BACKGROUND: In 2010, the Zimbabwe Ministry of Health and Child Welfare (MoHCW) adopted the Strengthening Laboratory Management Toward Accreditation (SLMTA) programme as a tool for laboratory quality systems strengthening. OBJECTIVES: To evaluate the financial costs of SLMTA implementation using two models (external facilitators; and internal local or MoHCW facilitators) from the perspective of the implementing partner and to estimate resources needed to scale up the programme nationally in all 10 provinces. METHODS: The average expenditure per laboratory was calculated based on accounting records; calculations included implementing partner expenses but excluded in-kind contributions and salaries of local facilitators and trainees.
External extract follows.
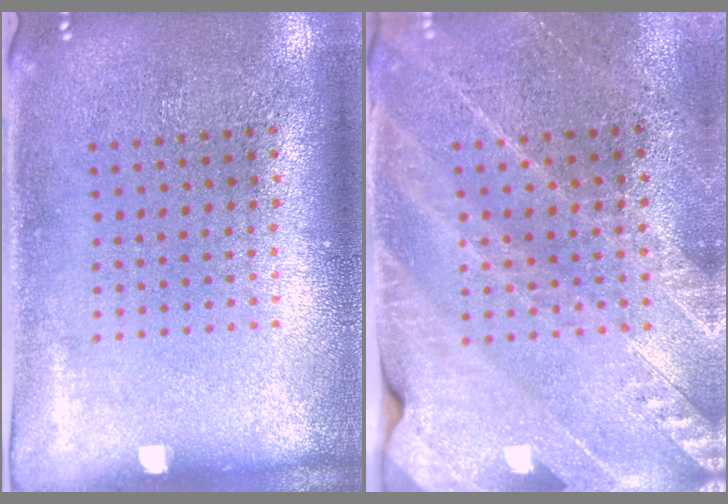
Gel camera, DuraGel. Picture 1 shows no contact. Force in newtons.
{"total": 2.6, "press": 2.5, "slide": 0.4}

We also estimated theoretical financial costs, keeping all contextual variables constant across the two models. Resource needs for future national expansion were estimated based on a two-phase implementation plan, in which 12 laboratories in each of five provinces would implement SLMTA per phase; for the internal facilitator model, 20 facilitators would be trained at the beginning of each phase. RESULTS: The average expenditure to implement SLMTA in 11 laboratories using external facilitators was approximately US$5800 per laboratory; expenditure in 19 laboratories using internal facilitators was approximately $6000 per laboratory. The theoretical financial cost of implementing a 12-laboratory SLMTA cohort keeping all contextual variables constant would be approximately $58 000 using external facilitators; or $15 000 using internal facilitators, plus $86 000 to train 20 facilitators. The financial cost for subsequent SLMTA cohorts using the previously-trained internal facilitators would be approximately $15 000, yielding a break-even point of 2 cohorts, at $116 000 for either model. Estimated resources required for national implementation in 120 laboratories would therefore be $580 000 using external facilitators ($58 000 per province) and $322 000 using internal facilitators ($86 000 for facilitator training in each of two phases plus $15 000 for SLMTA implementation in each province). CONCLUSION: Investing in training of internal facilitators will result in substantial savings over the scale-up of the programme. Our study provides information to assist policy makers to develop strategic plans for investing in laboratory strengthening.